Fractured (Deep In Your Veins, #5)

Dean snickered. “At least I’m not the rebound guy.”


In a nanosecond, Butch went from holding me to lifting Dean up by his throat. The human was kicking his legs like crazy and struggling to get free.

I sighed. “Butch, put him down.”

Instead, Butch pulled him close so they were nose-to-nose. “Hear me loud and clear, little human, because I won’t repeat myself. You and Imani are done. Over. Accept it and move on, because I don’t give up what belongs to me. And I sure as shit won’t give up Imani.” He flung Dean away, making the human stumble and crash into the bar.

While Butch was distracted, I went to leave. I didn’t get far. Four steps later, he appeared in front of me. I hissed, “Move.”

His hands cupped my neck. “I fucked up again, I know. I’m sorry.”

By his tone, he seriously thought that was good enough. “Out of my way.”

“Imani.”

“When you’re ready to make a real apology, I’ll listen. Until then…” I hurried to my apartment in vampire speed. I’d just unlocked the door when I sensed Butch behind me. I whirled on him. “Did you not hear me just now?”

He backed me inside the apartment. “You know I have no respect for boundaries, and we clearly need to talk.”

I put my hands on my hips. “You’d better have something real good to say, Richardson, because the last thing I want to do tonight is punch you in the dick…but it is on my schedule.”

“Like I said, I fucked up. I can’t apologise for freaking out about you going into battle. It would be a lie, and that would insult both of us. But I am sorry that you’re hurting right now. I didn’t want that.”

As apologies went, it wasn’t the best I’d ever heard. But it was honest. “I’m a member of the legion, Butch. That means I’m going to be in dangerous situations again and again. You accepted that before. Why can’t you accept it now?” I might be partly human, but I was as strong and fast as a Sventé. Both Jude and Ava were Sventés.

For a moment, he said nothing. Just stood there, his expression almost tortured. “I didn’t keep you safe.” His words made me blink. “I’m a living shield, Imani, but I didn’t keep you safe. You got hurt right in front of me.”

I mentally kicked myself. I should have known that, protective as he was, he’d find some way to blame himself. “It all happened so fast, there was nothing you could have done.”

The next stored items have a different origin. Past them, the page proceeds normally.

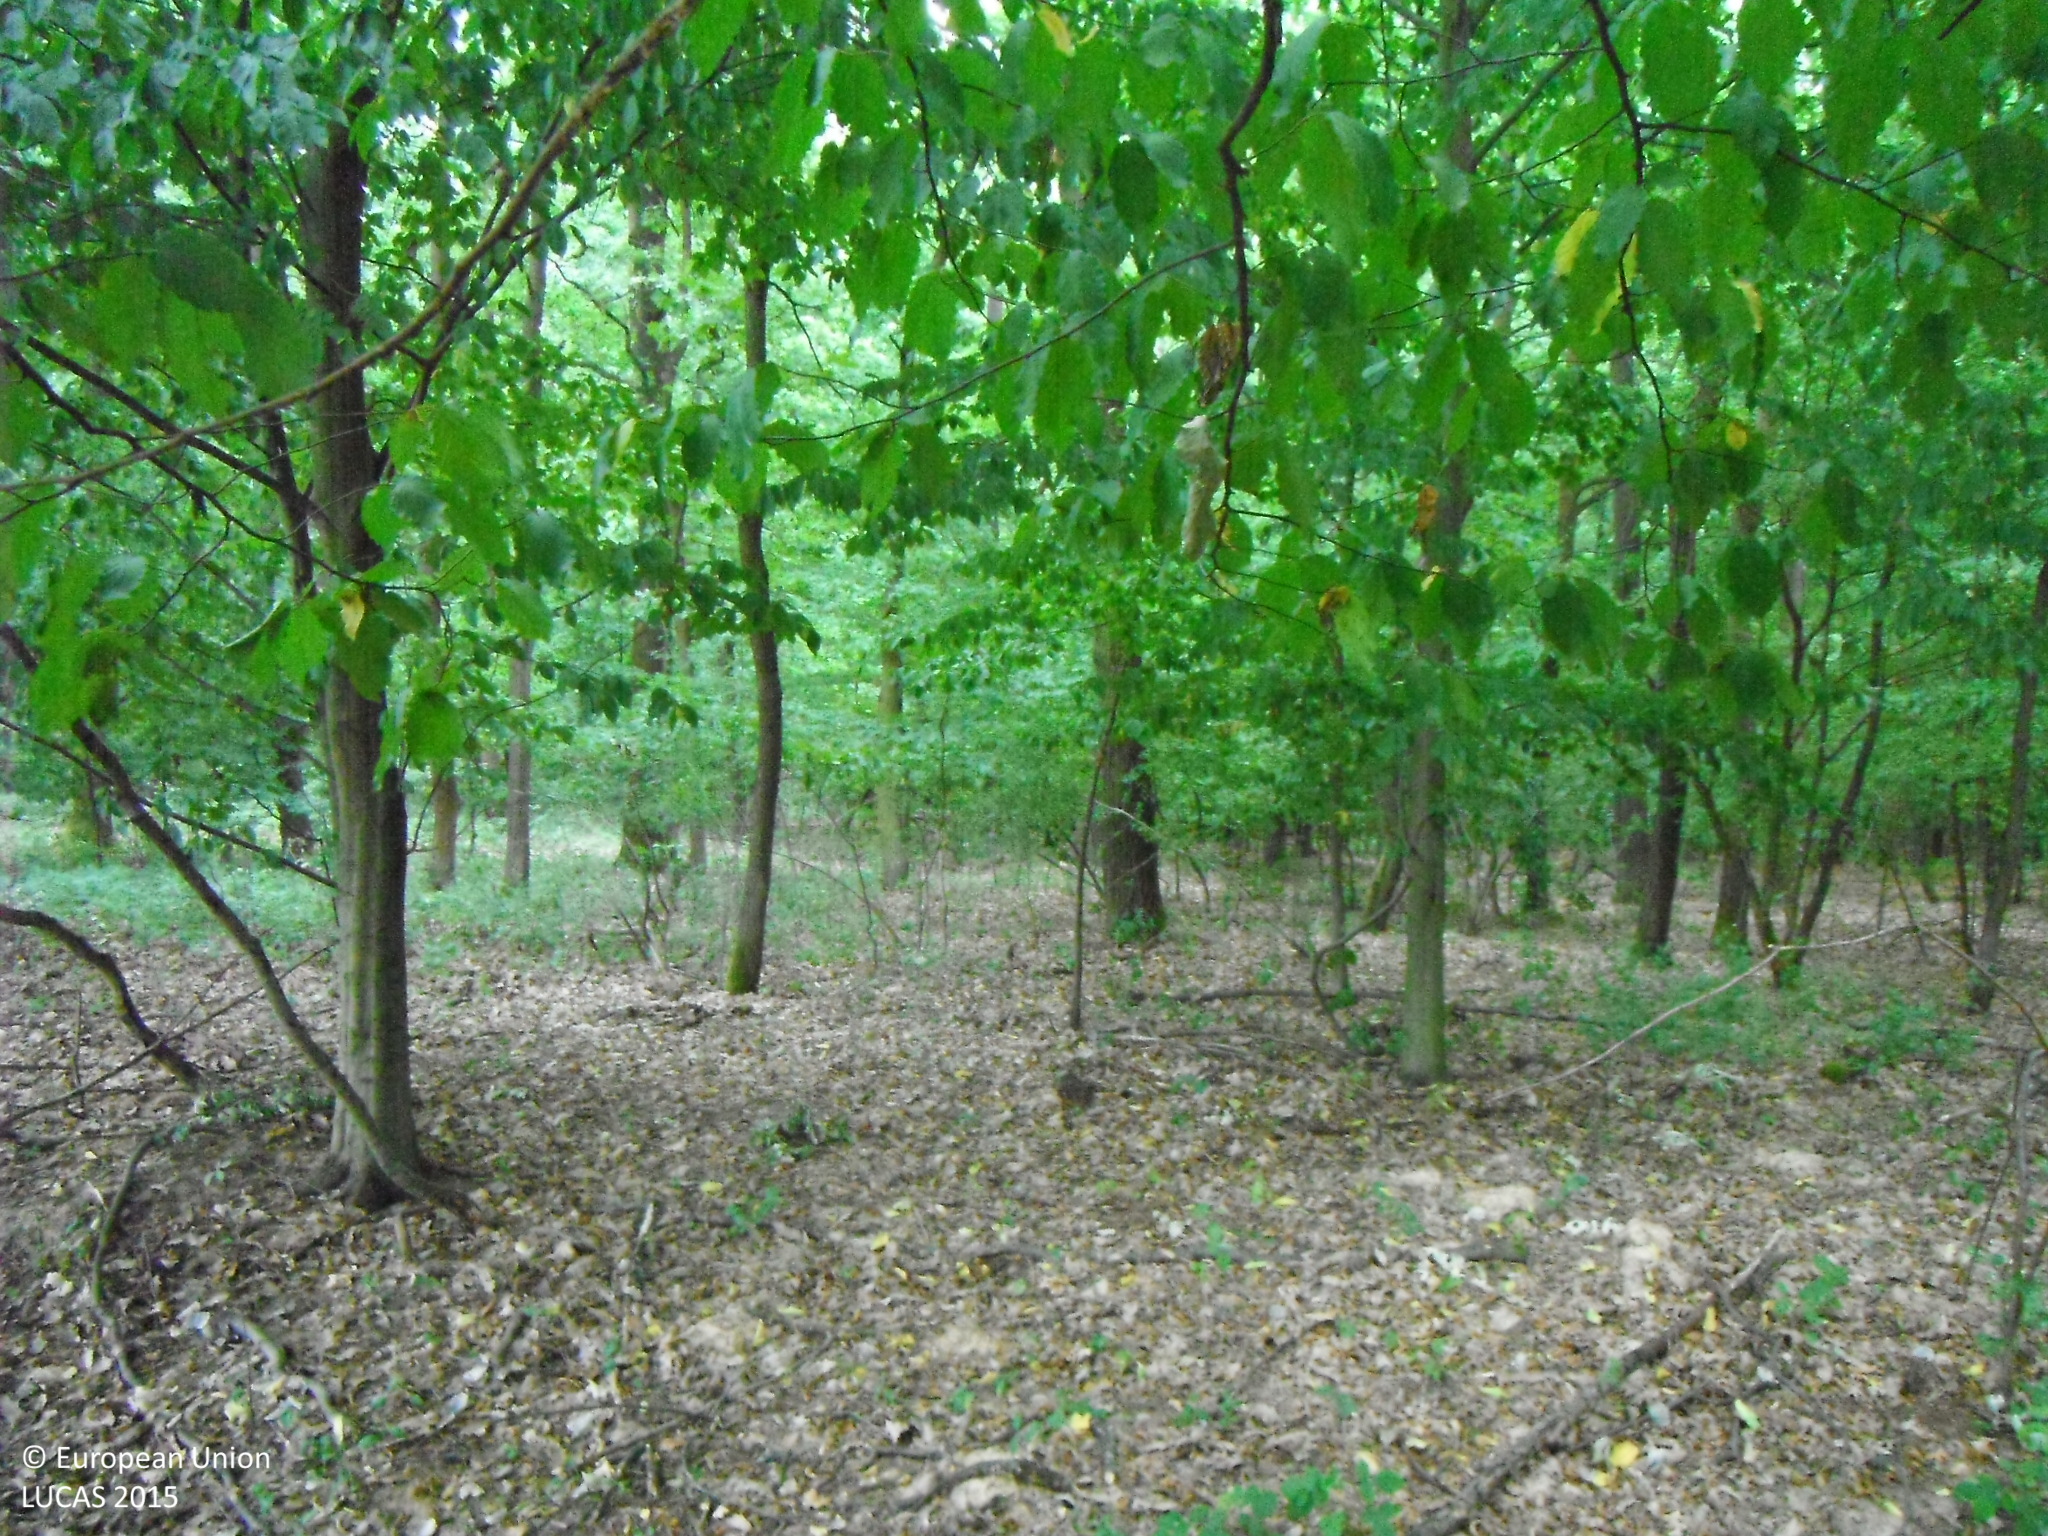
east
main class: Woodland
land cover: Broadleaved woodland
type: mesophytic deciduous forest
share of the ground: > 75 %
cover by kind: broadleaved forest trees 100 %
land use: Forestry
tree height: > 5 m
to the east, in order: Broadleaved woodland
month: July
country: SK
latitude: 48.3300
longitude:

“The reason I didn’t freak out about you being on assignments in the past was that I was there with you; I was confident I could protect you.” A cynical, self-mocking smile surfaced on his face. “At the castle, I didn’t. Intellectually, I know it’s not my fault that you were hurt, and I know it’s pointless to feel guilty about it. I also know that I can’t lock you away where you’ll be safe, and that you’d be miserable if I tried.”

“So why get so wound up about this?”

“You don’t get it, Imani. A year. I was without you for almost a year. Just when I thought I had you back, I felt you slipping away. You don’t know how many times your heartrate slowed down during the transition. You don’t know how many times you passed out, so weak I didn’t think you’d wake up.”

His eyes glittered with an emotion I would never have associated with Butch. Fear. “It scared you.”

“Hell yes, it scared me.”

While that softened the blow of what he’d done, it didn’t make it okay. He had to understand that or he’d do it over and over. “That isn’t an excuse. I don’t expect you to always agree with my choices, but I expect you to respect my right to make them. Dictating to me, talking down to me like I don’t know myself, was not at all cool, Butch. If I had behaved that way toward you, if I’d showed you that kind of disrespect, you’d be just as pissed as I am now.”

He raked a hand through his hair. “I’m not good at this.” He looked so lost.

“Yeah, I already figured that out.” Although I was still mad, I knew I’d have to back down a little. Sam had told me he’d need the room to make mistakes; she’d warned me he’d be a difficult partner. I’d taken the risk, and that meant I had to make some allowances. “I understand that you want me safe. I’m glad that you care. But that doesn’t mean I’ll always bow to your wishes. That’s not how it works.”

He moved to me and brushed his thumb along my cheekbone. “I do respect you. I’m sorry if I made you feel like I didn’t.”

I gave a curt nod. “Okay.”

“I hate it when we argue.”

We’d only had two very minor arguments before now. “It’s going to happen sometimes. You’re an alpha, which makes you pushy and domineering. Neither of those things are much fun for me, even though I know you interfere because you’re trying to smooth the way for me and make my life better. I’m stubborn and independent, which means I’ll keep pushing back.”